Jamie didn’t think that warranted drop-everything-and-come insistence, but he wouldn’t be denied. The best she’d been able to do was get him to meet at seven, so that she could still see Caroline before work.
And there he was, crossing the lot at Fiona’s as she pulled in off the street. She waved through her open top and parked. Glancing in the rearview mirror, she ran quick fingers through her hair, but all she saw, to her dismay, were the freckles on her nose. So much for her expensive new concealer. The heat apparently melted makeup just as it swallowed up breathable air.
Resigned, she groped around for her shoes in the floor well and slipped them on, then slid out of the car as deftly as her short black skirt and those high heels allowed. The skirt showed off slim hips; the heels added inches she desperately needed. Pairing them with white silk, she was dressed to impress, though not solely for her dad. This was her typical take-me-seriously look for days that were filled with meetings. Most architects doing her level of work were older than she was, and while the family business gave her a leg up, it also gave her a name to uphold.
Freckles didn’t help, but there was no erasing them now. The best she could do was to put her shoulders back and set off with a pretense of confidence—only to ricochet right back when the long strap of her shoulder bag caught in the door. That wasn’t impressive, she mused, though it was nothing she hadn’t done before. As physically coordinated as she was when focused, when distracted, she was pathetic.
Freeing the bag, she strode forward.
Fiona’s was an upscale diner that offered the best breakfast in town, which meant that even this early in the day, it was humming. The parking lot was comforta
bly full; the air held the lure of hot corn muffins, chunky hash browns, and local maple syrup.
By the time she caught up to Roy, he was talking with two of Williston’s finest, on their way home after a night on patrol.

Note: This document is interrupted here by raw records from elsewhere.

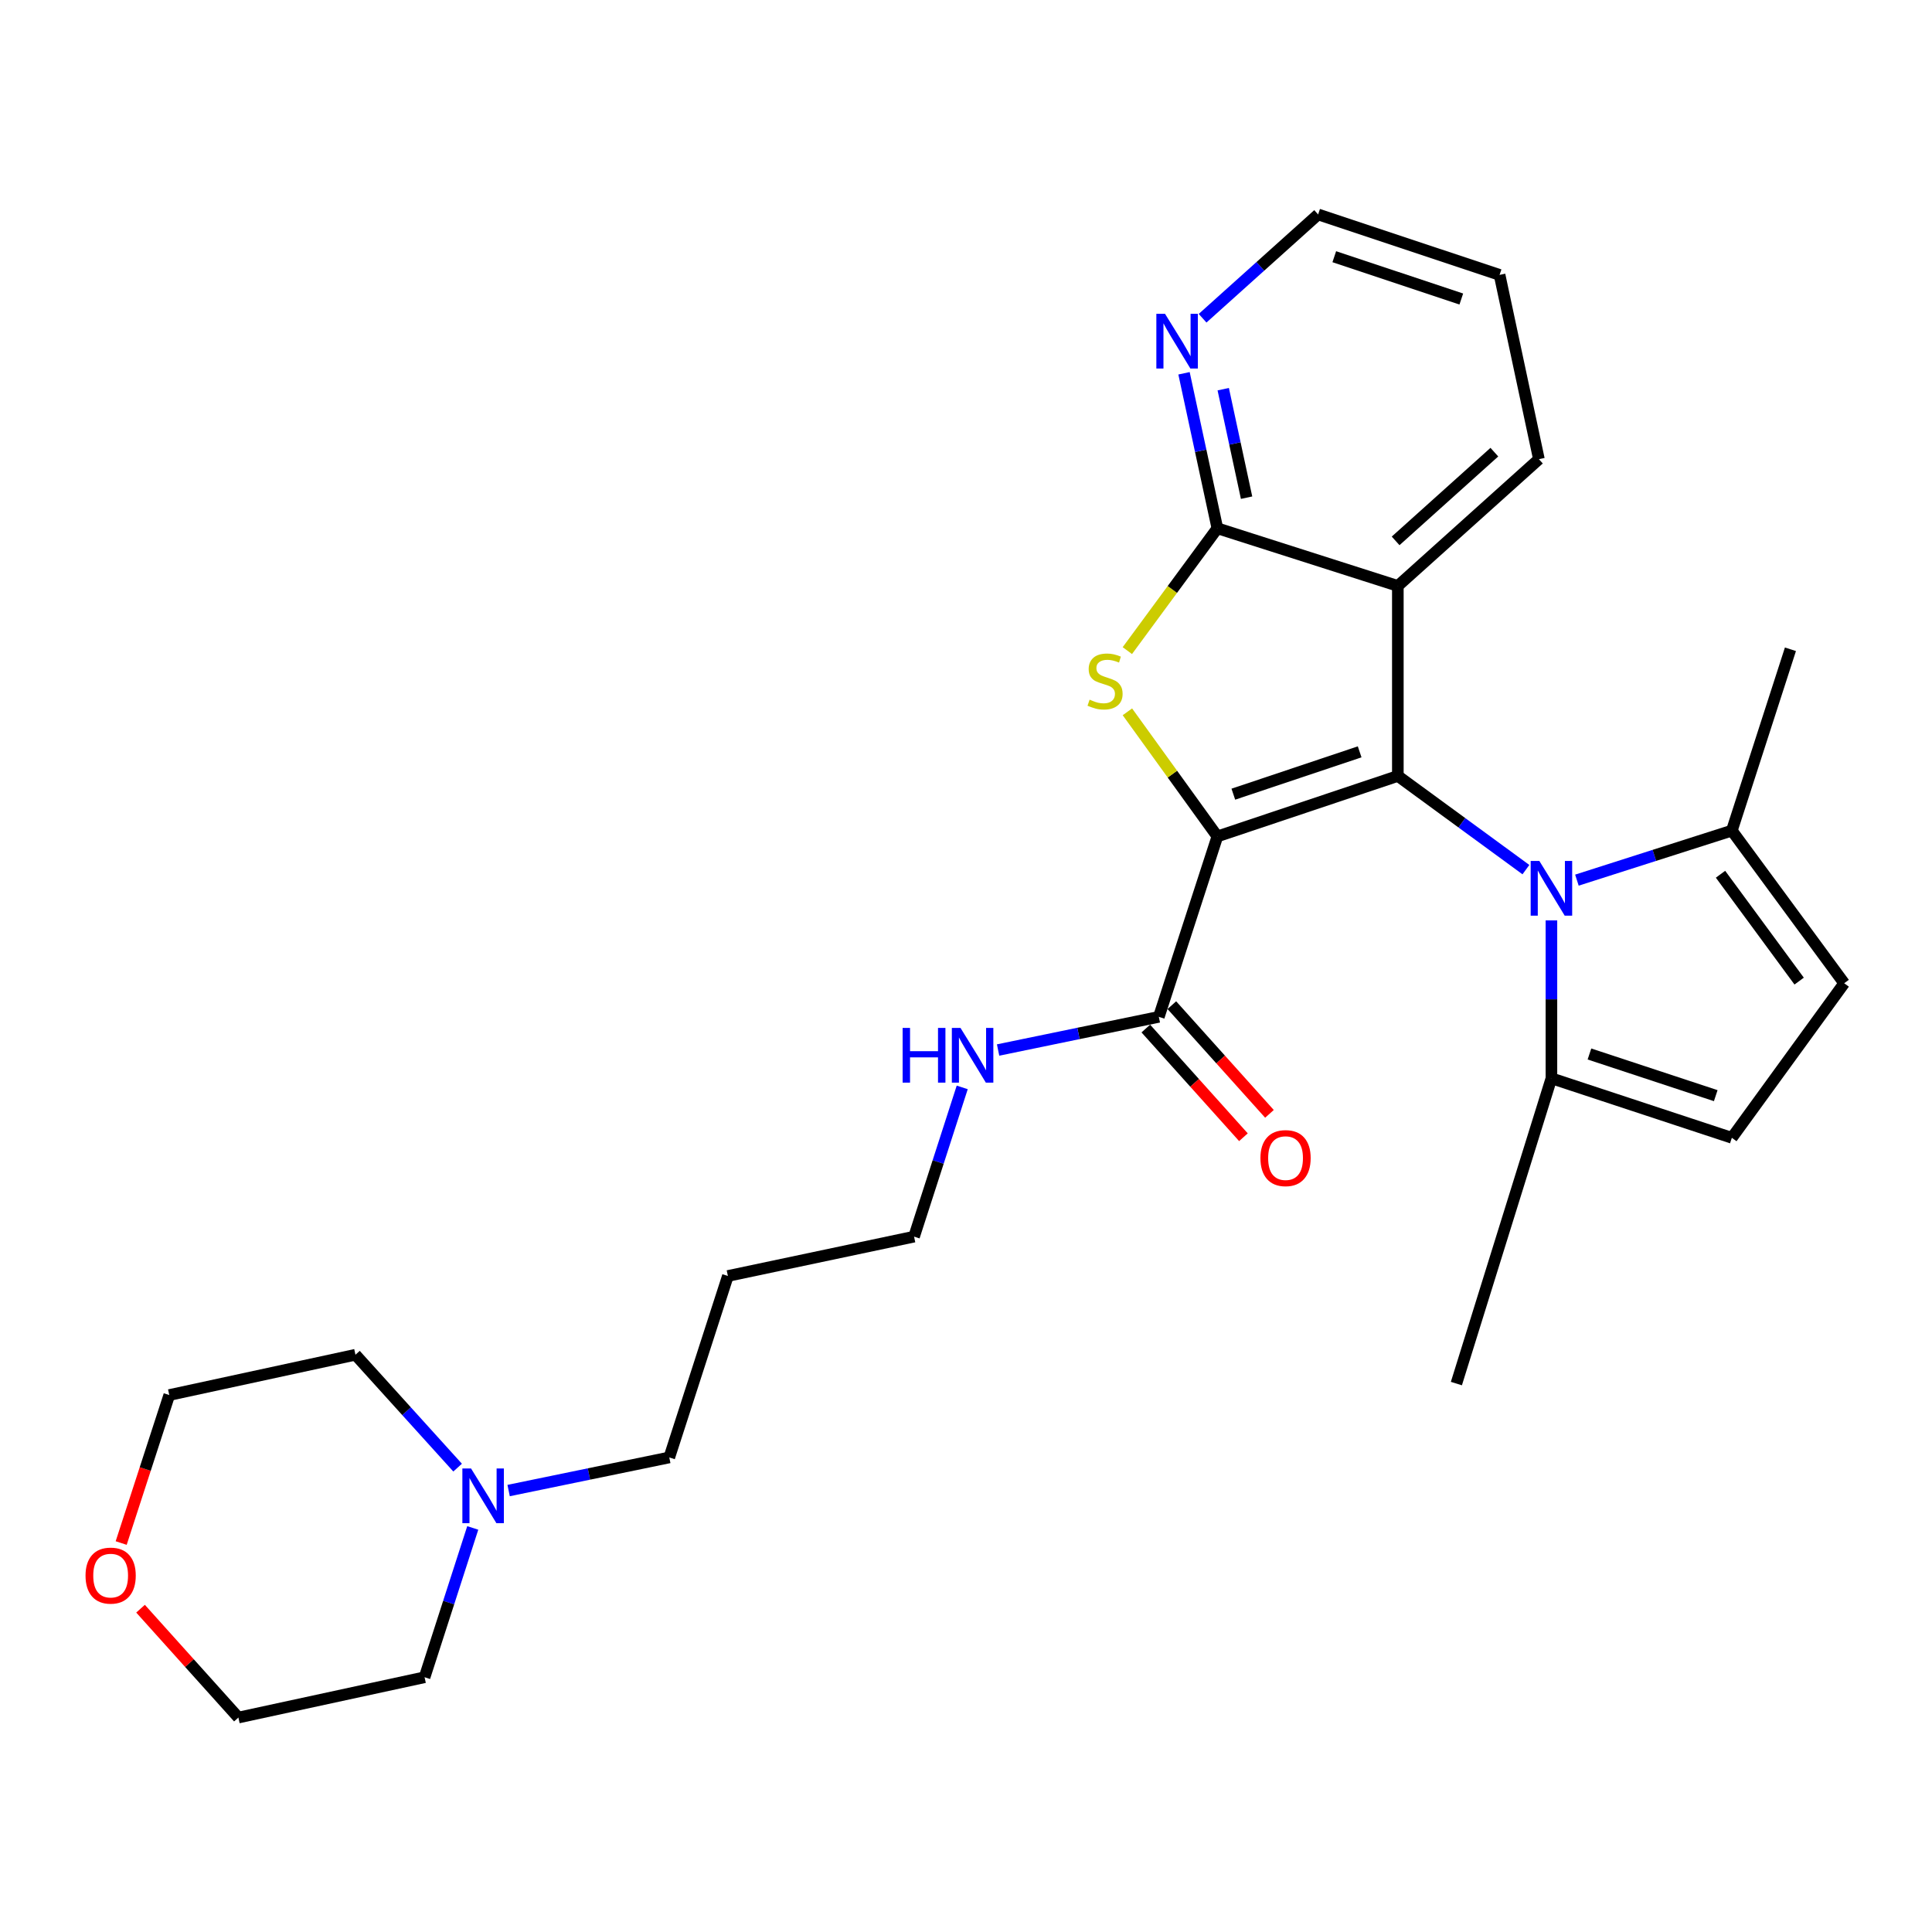 <?xml version='1.0' encoding='iso-8859-1'?>
<svg version='1.1' baseProfile='full'
              xmlns='http://www.w3.org/2000/svg'
                      xmlns:rdkit='http://www.rdkit.org/xml'
                      xmlns:xlink='http://www.w3.org/1999/xlink'
                  xml:space='preserve'
width='1000px' height='1000px' viewBox='0 0 1000 1000'>
<!-- END OF HEADER -->
<rect style='opacity:1.0;fill:#FFFFFF;stroke:none' width='1000' height='1000' x='0' y='0'> </rect>
<path class='bond-0' d='M 630.113,432.932 L 723.521,401.632' style='fill:none;fill-rule:evenodd;stroke:#000000;stroke-width:6px;stroke-linecap:butt;stroke-linejoin:miter;stroke-opacity:1' />
<path class='bond-0' d='M 638.37,411.066 L 703.756,389.155' style='fill:none;fill-rule:evenodd;stroke:#000000;stroke-width:6px;stroke-linecap:butt;stroke-linejoin:miter;stroke-opacity:1' />
<path class='bond-1' d='M 630.113,432.932 L 606.828,400.684' style='fill:none;fill-rule:evenodd;stroke:#000000;stroke-width:6px;stroke-linecap:butt;stroke-linejoin:miter;stroke-opacity:1' />
<path class='bond-1' d='M 606.828,400.684 L 583.542,368.436' style='fill:none;fill-rule:evenodd;stroke:#CCCC00;stroke-width:6px;stroke-linecap:butt;stroke-linejoin:miter;stroke-opacity:1' />
<path class='bond-5' d='M 630.113,432.932 L 599.809,526.32' style='fill:none;fill-rule:evenodd;stroke:#000000;stroke-width:6px;stroke-linecap:butt;stroke-linejoin:miter;stroke-opacity:1' />
<path class='bond-2' d='M 723.521,401.632 L 756.667,425.876' style='fill:none;fill-rule:evenodd;stroke:#000000;stroke-width:6px;stroke-linecap:butt;stroke-linejoin:miter;stroke-opacity:1' />
<path class='bond-2' d='M 756.667,425.876 L 789.812,450.119' style='fill:none;fill-rule:evenodd;stroke:#0000FF;stroke-width:6px;stroke-linecap:butt;stroke-linejoin:miter;stroke-opacity:1' />
<path class='bond-3' d='M 723.521,401.632 L 723.521,303.274' style='fill:none;fill-rule:evenodd;stroke:#000000;stroke-width:6px;stroke-linecap:butt;stroke-linejoin:miter;stroke-opacity:1' />
<path class='bond-4' d='M 583.511,336.756 L 606.812,305.099' style='fill:none;fill-rule:evenodd;stroke:#CCCC00;stroke-width:6px;stroke-linecap:butt;stroke-linejoin:miter;stroke-opacity:1' />
<path class='bond-4' d='M 606.812,305.099 L 630.113,273.443' style='fill:none;fill-rule:evenodd;stroke:#000000;stroke-width:6px;stroke-linecap:butt;stroke-linejoin:miter;stroke-opacity:1' />
<path class='bond-6' d='M 816.205,455.559 L 856.304,442.741' style='fill:none;fill-rule:evenodd;stroke:#0000FF;stroke-width:6px;stroke-linecap:butt;stroke-linejoin:miter;stroke-opacity:1' />
<path class='bond-6' d='M 856.304,442.741 L 896.402,429.924' style='fill:none;fill-rule:evenodd;stroke:#000000;stroke-width:6px;stroke-linecap:butt;stroke-linejoin:miter;stroke-opacity:1' />
<path class='bond-7' d='M 803.014,476.394 L 803.014,517.259' style='fill:none;fill-rule:evenodd;stroke:#0000FF;stroke-width:6px;stroke-linecap:butt;stroke-linejoin:miter;stroke-opacity:1' />
<path class='bond-7' d='M 803.014,517.259 L 803.014,558.123' style='fill:none;fill-rule:evenodd;stroke:#000000;stroke-width:6px;stroke-linecap:butt;stroke-linejoin:miter;stroke-opacity:1' />
<path class='bond-15' d='M 723.521,303.274 L 796.535,237.665' style='fill:none;fill-rule:evenodd;stroke:#000000;stroke-width:6px;stroke-linecap:butt;stroke-linejoin:miter;stroke-opacity:1' />
<path class='bond-15' d='M 722.369,279.962 L 773.478,234.036' style='fill:none;fill-rule:evenodd;stroke:#000000;stroke-width:6px;stroke-linecap:butt;stroke-linejoin:miter;stroke-opacity:1' />
<path class='bond-27' d='M 723.521,303.274 L 630.113,273.443' style='fill:none;fill-rule:evenodd;stroke:#000000;stroke-width:6px;stroke-linecap:butt;stroke-linejoin:miter;stroke-opacity:1' />
<path class='bond-10' d='M 630.113,273.443 L 621.48,233.327' style='fill:none;fill-rule:evenodd;stroke:#000000;stroke-width:6px;stroke-linecap:butt;stroke-linejoin:miter;stroke-opacity:1' />
<path class='bond-10' d='M 621.48,233.327 L 612.847,193.211' style='fill:none;fill-rule:evenodd;stroke:#0000FF;stroke-width:6px;stroke-linecap:butt;stroke-linejoin:miter;stroke-opacity:1' />
<path class='bond-10' d='M 645.228,257.598 L 639.185,229.517' style='fill:none;fill-rule:evenodd;stroke:#000000;stroke-width:6px;stroke-linecap:butt;stroke-linejoin:miter;stroke-opacity:1' />
<path class='bond-10' d='M 639.185,229.517 L 633.142,201.436' style='fill:none;fill-rule:evenodd;stroke:#0000FF;stroke-width:6px;stroke-linecap:butt;stroke-linejoin:miter;stroke-opacity:1' />
<path class='bond-12' d='M 593.072,532.37 L 618.334,560.5' style='fill:none;fill-rule:evenodd;stroke:#000000;stroke-width:6px;stroke-linecap:butt;stroke-linejoin:miter;stroke-opacity:1' />
<path class='bond-12' d='M 618.334,560.5 L 643.597,588.63' style='fill:none;fill-rule:evenodd;stroke:#FF0000;stroke-width:6px;stroke-linecap:butt;stroke-linejoin:miter;stroke-opacity:1' />
<path class='bond-12' d='M 606.546,520.27 L 631.808,548.4' style='fill:none;fill-rule:evenodd;stroke:#000000;stroke-width:6px;stroke-linecap:butt;stroke-linejoin:miter;stroke-opacity:1' />
<path class='bond-12' d='M 631.808,548.4 L 657.071,576.53' style='fill:none;fill-rule:evenodd;stroke:#FF0000;stroke-width:6px;stroke-linecap:butt;stroke-linejoin:miter;stroke-opacity:1' />
<path class='bond-13' d='M 599.809,526.32 L 558.211,534.904' style='fill:none;fill-rule:evenodd;stroke:#000000;stroke-width:6px;stroke-linecap:butt;stroke-linejoin:miter;stroke-opacity:1' />
<path class='bond-13' d='M 558.211,534.904 L 516.614,543.487' style='fill:none;fill-rule:evenodd;stroke:#0000FF;stroke-width:6px;stroke-linecap:butt;stroke-linejoin:miter;stroke-opacity:1' />
<path class='bond-9' d='M 896.402,429.924 L 954.545,508.934' style='fill:none;fill-rule:evenodd;stroke:#000000;stroke-width:6px;stroke-linecap:butt;stroke-linejoin:miter;stroke-opacity:1' />
<path class='bond-9' d='M 890.537,452.509 L 931.238,507.817' style='fill:none;fill-rule:evenodd;stroke:#000000;stroke-width:6px;stroke-linecap:butt;stroke-linejoin:miter;stroke-opacity:1' />
<path class='bond-18' d='M 896.402,429.924 L 926.726,336.063' style='fill:none;fill-rule:evenodd;stroke:#000000;stroke-width:6px;stroke-linecap:butt;stroke-linejoin:miter;stroke-opacity:1' />
<path class='bond-8' d='M 803.014,558.123 L 896.402,588.931' style='fill:none;fill-rule:evenodd;stroke:#000000;stroke-width:6px;stroke-linecap:butt;stroke-linejoin:miter;stroke-opacity:1' />
<path class='bond-8' d='M 822.696,545.546 L 888.067,567.111' style='fill:none;fill-rule:evenodd;stroke:#000000;stroke-width:6px;stroke-linecap:butt;stroke-linejoin:miter;stroke-opacity:1' />
<path class='bond-19' d='M 803.014,558.123 L 753.825,716.134' style='fill:none;fill-rule:evenodd;stroke:#000000;stroke-width:6px;stroke-linecap:butt;stroke-linejoin:miter;stroke-opacity:1' />
<path class='bond-29' d='M 896.402,588.931 L 954.545,508.934' style='fill:none;fill-rule:evenodd;stroke:#000000;stroke-width:6px;stroke-linecap:butt;stroke-linejoin:miter;stroke-opacity:1' />
<path class='bond-22' d='M 622.46,164.721 L 652.36,137.858' style='fill:none;fill-rule:evenodd;stroke:#0000FF;stroke-width:6px;stroke-linecap:butt;stroke-linejoin:miter;stroke-opacity:1' />
<path class='bond-22' d='M 652.36,137.858 L 682.26,110.995' style='fill:none;fill-rule:evenodd;stroke:#000000;stroke-width:6px;stroke-linecap:butt;stroke-linejoin:miter;stroke-opacity:1' />
<path class='bond-11' d='M 263.262,771.506 L 304.84,762.936' style='fill:none;fill-rule:evenodd;stroke:#0000FF;stroke-width:6px;stroke-linecap:butt;stroke-linejoin:miter;stroke-opacity:1' />
<path class='bond-11' d='M 304.84,762.936 L 346.419,754.366' style='fill:none;fill-rule:evenodd;stroke:#000000;stroke-width:6px;stroke-linecap:butt;stroke-linejoin:miter;stroke-opacity:1' />
<path class='bond-20' d='M 236.861,759.64 L 210.421,730.427' style='fill:none;fill-rule:evenodd;stroke:#0000FF;stroke-width:6px;stroke-linecap:butt;stroke-linejoin:miter;stroke-opacity:1' />
<path class='bond-20' d='M 210.421,730.427 L 183.981,701.213' style='fill:none;fill-rule:evenodd;stroke:#000000;stroke-width:6px;stroke-linecap:butt;stroke-linejoin:miter;stroke-opacity:1' />
<path class='bond-21' d='M 244.697,790.854 L 232.228,829.496' style='fill:none;fill-rule:evenodd;stroke:#0000FF;stroke-width:6px;stroke-linecap:butt;stroke-linejoin:miter;stroke-opacity:1' />
<path class='bond-21' d='M 232.228,829.496 L 219.759,868.138' style='fill:none;fill-rule:evenodd;stroke:#000000;stroke-width:6px;stroke-linecap:butt;stroke-linejoin:miter;stroke-opacity:1' />
<path class='bond-23' d='M 498.047,562.837 L 485.583,601.459' style='fill:none;fill-rule:evenodd;stroke:#0000FF;stroke-width:6px;stroke-linecap:butt;stroke-linejoin:miter;stroke-opacity:1' />
<path class='bond-23' d='M 485.583,601.459 L 473.119,640.082' style='fill:none;fill-rule:evenodd;stroke:#000000;stroke-width:6px;stroke-linecap:butt;stroke-linejoin:miter;stroke-opacity:1' />
<path class='bond-14' d='M 72.743,832.66 L 98.068,860.833' style='fill:none;fill-rule:evenodd;stroke:#FF0000;stroke-width:6px;stroke-linecap:butt;stroke-linejoin:miter;stroke-opacity:1' />
<path class='bond-14' d='M 98.068,860.833 L 123.393,889.005' style='fill:none;fill-rule:evenodd;stroke:#000000;stroke-width:6px;stroke-linecap:butt;stroke-linejoin:miter;stroke-opacity:1' />
<path class='bond-30' d='M 62.722,798.673 L 75.169,760.372' style='fill:none;fill-rule:evenodd;stroke:#FF0000;stroke-width:6px;stroke-linecap:butt;stroke-linejoin:miter;stroke-opacity:1' />
<path class='bond-30' d='M 75.169,760.372 L 87.615,722.07' style='fill:none;fill-rule:evenodd;stroke:#000000;stroke-width:6px;stroke-linecap:butt;stroke-linejoin:miter;stroke-opacity:1' />
<path class='bond-26' d='M 796.535,237.665 L 776.181,142.285' style='fill:none;fill-rule:evenodd;stroke:#000000;stroke-width:6px;stroke-linecap:butt;stroke-linejoin:miter;stroke-opacity:1' />
<path class='bond-16' d='M 346.419,754.366 L 376.753,660.445' style='fill:none;fill-rule:evenodd;stroke:#000000;stroke-width:6px;stroke-linecap:butt;stroke-linejoin:miter;stroke-opacity:1' />
<path class='bond-17' d='M 376.753,660.445 L 473.119,640.082' style='fill:none;fill-rule:evenodd;stroke:#000000;stroke-width:6px;stroke-linecap:butt;stroke-linejoin:miter;stroke-opacity:1' />
<path class='bond-25' d='M 183.981,701.213 L 87.615,722.07' style='fill:none;fill-rule:evenodd;stroke:#000000;stroke-width:6px;stroke-linecap:butt;stroke-linejoin:miter;stroke-opacity:1' />
<path class='bond-24' d='M 219.759,868.138 L 123.393,889.005' style='fill:none;fill-rule:evenodd;stroke:#000000;stroke-width:6px;stroke-linecap:butt;stroke-linejoin:miter;stroke-opacity:1' />
<path class='bond-28' d='M 682.26,110.995 L 776.181,142.285' style='fill:none;fill-rule:evenodd;stroke:#000000;stroke-width:6px;stroke-linecap:butt;stroke-linejoin:miter;stroke-opacity:1' />
<path class='bond-28' d='M 690.624,132.87 L 756.369,154.774' style='fill:none;fill-rule:evenodd;stroke:#000000;stroke-width:6px;stroke-linecap:butt;stroke-linejoin:miter;stroke-opacity:1' />
<path  class='atom-2' d='M 563.98 362.143
Q 564.3 362.263, 565.62 362.823
Q 566.94 363.383, 568.38 363.743
Q 569.86 364.063, 571.3 364.063
Q 573.98 364.063, 575.54 362.783
Q 577.1 361.463, 577.1 359.183
Q 577.1 357.623, 576.3 356.663
Q 575.54 355.703, 574.34 355.183
Q 573.14 354.663, 571.14 354.063
Q 568.62 353.303, 567.1 352.583
Q 565.62 351.863, 564.54 350.343
Q 563.5 348.823, 563.5 346.263
Q 563.5 342.703, 565.9 340.503
Q 568.34 338.303, 573.14 338.303
Q 576.42 338.303, 580.14 339.863
L 579.22 342.943
Q 575.82 341.543, 573.26 341.543
Q 570.5 341.543, 568.98 342.703
Q 567.46 343.823, 567.5 345.783
Q 567.5 347.303, 568.26 348.223
Q 569.06 349.143, 570.18 349.663
Q 571.34 350.183, 573.26 350.783
Q 575.82 351.583, 577.34 352.383
Q 578.86 353.183, 579.94 354.823
Q 581.06 356.423, 581.06 359.183
Q 581.06 363.103, 578.42 365.223
Q 575.82 367.303, 571.46 367.303
Q 568.94 367.303, 567.02 366.743
Q 565.14 366.223, 562.9 365.303
L 563.98 362.143
' fill='#CCCC00'/>
<path  class='atom-3' d='M 796.754 445.615
L 806.034 460.615
Q 806.954 462.095, 808.434 464.775
Q 809.914 467.455, 809.994 467.615
L 809.994 445.615
L 813.754 445.615
L 813.754 473.935
L 809.874 473.935
L 799.914 457.535
Q 798.754 455.615, 797.514 453.415
Q 796.314 451.215, 795.954 450.535
L 795.954 473.935
L 792.274 473.935
L 792.274 445.615
L 796.754 445.615
' fill='#0000FF'/>
<path  class='atom-11' d='M 603.006 162.414
L 612.286 177.414
Q 613.206 178.894, 614.686 181.574
Q 616.166 184.254, 616.246 184.414
L 616.246 162.414
L 620.006 162.414
L 620.006 190.734
L 616.126 190.734
L 606.166 174.334
Q 605.006 172.414, 603.766 170.214
Q 602.566 168.014, 602.206 167.334
L 602.206 190.734
L 598.526 190.734
L 598.526 162.414
L 603.006 162.414
' fill='#0000FF'/>
<path  class='atom-12' d='M 243.803 760.067
L 253.083 775.067
Q 254.003 776.547, 255.483 779.227
Q 256.963 781.907, 257.043 782.067
L 257.043 760.067
L 260.803 760.067
L 260.803 788.387
L 256.923 788.387
L 246.963 771.987
Q 245.803 770.067, 244.563 767.867
Q 243.363 765.667, 243.003 764.987
L 243.003 788.387
L 239.323 788.387
L 239.323 760.067
L 243.803 760.067
' fill='#0000FF'/>
<path  class='atom-13' d='M 652.398 599.434
Q 652.398 592.634, 655.758 588.834
Q 659.118 585.034, 665.398 585.034
Q 671.678 585.034, 675.038 588.834
Q 678.398 592.634, 678.398 599.434
Q 678.398 606.314, 674.998 610.234
Q 671.598 614.114, 665.398 614.114
Q 659.158 614.114, 655.758 610.234
Q 652.398 606.354, 652.398 599.434
M 665.398 610.914
Q 669.718 610.914, 672.038 608.034
Q 674.398 605.114, 674.398 599.434
Q 674.398 593.874, 672.038 591.074
Q 669.718 588.234, 665.398 588.234
Q 661.078 588.234, 658.718 591.034
Q 656.398 593.834, 656.398 599.434
Q 656.398 605.154, 658.718 608.034
Q 661.078 610.914, 665.398 610.914
' fill='#FF0000'/>
<path  class='atom-14' d='M 467.193 532.051
L 471.033 532.051
L 471.033 544.091
L 485.513 544.091
L 485.513 532.051
L 489.353 532.051
L 489.353 560.371
L 485.513 560.371
L 485.513 547.291
L 471.033 547.291
L 471.033 560.371
L 467.193 560.371
L 467.193 532.051
' fill='#0000FF'/>
<path  class='atom-14' d='M 497.153 532.051
L 506.433 547.051
Q 507.353 548.531, 508.833 551.211
Q 510.313 553.891, 510.393 554.051
L 510.393 532.051
L 514.153 532.051
L 514.153 560.371
L 510.273 560.371
L 500.313 543.971
Q 499.153 542.051, 497.913 539.851
Q 496.713 537.651, 496.353 536.971
L 496.353 560.371
L 492.673 560.371
L 492.673 532.051
L 497.153 532.051
' fill='#0000FF'/>
<path  class='atom-15' d='M 44.271 815.528
Q 44.271 808.728, 47.631 804.928
Q 50.991 801.128, 57.271 801.128
Q 63.551 801.128, 66.911 804.928
Q 70.271 808.728, 70.271 815.528
Q 70.271 822.408, 66.871 826.328
Q 63.471 830.208, 57.271 830.208
Q 51.031 830.208, 47.631 826.328
Q 44.271 822.448, 44.271 815.528
M 57.271 827.008
Q 61.591 827.008, 63.911 824.128
Q 66.271 821.208, 66.271 815.528
Q 66.271 809.968, 63.911 807.168
Q 61.591 804.328, 57.271 804.328
Q 52.951 804.328, 50.591 807.128
Q 48.271 809.928, 48.271 815.528
Q 48.271 821.248, 50.591 824.128
Q 52.951 827.008, 57.271 827.008
' fill='#FF0000'/>
</svg>

They had admiring smiles for Jamie as she hurried to keep up with Roy, who was entering the diner. He immediately began working booths filled with real estate agents, lawyers, plumbers, shopkeepers, husbands and wives—all local, all friends. Williston lay twenty miles west of Boston. Home to fifteen thousand residents, it was ruled by a Board of Selectmen, but if there had been a mayor, Roy would have been it. He was always smiling, always up for a meet-and-greet, always remembering names. Theo had done this for years until age crippled his mornings, at which point Roy smoothly stepped in. As the single largest employer in town, not to mention the raison d’être for many town shops, MacAfee Homes treasured local goodwill.
Roy made it happen. That he was strikingly handsome didn’t hurt. With his keen brown eyes and perpetual tan, he looked younger than fifty-two. The gray that had spattered his hair a decade before had miraculously turned sandy, and, though Jamie didn’t know for fact, she would bet that his forehead was medicinally smoothed. Not that she criticized him for it. He put in the effort to stay in shape—had likely gone running at dawn that morning, even in the heat. Now, dressed in a crisp blue shirt and fine gray slacks, he had a fresh-from-the-shower sheen.
For Roy, it was all about looking young—young body, young face, young wife. The irony, of course, was that with Jamie always trying to look older than twenty-nine, they were occasionally taken for brother and sister. Roy loved that, and while Jamie was proud of her father for his efforts and, yes, for his looks, she found the brother-sister comparisons awkward.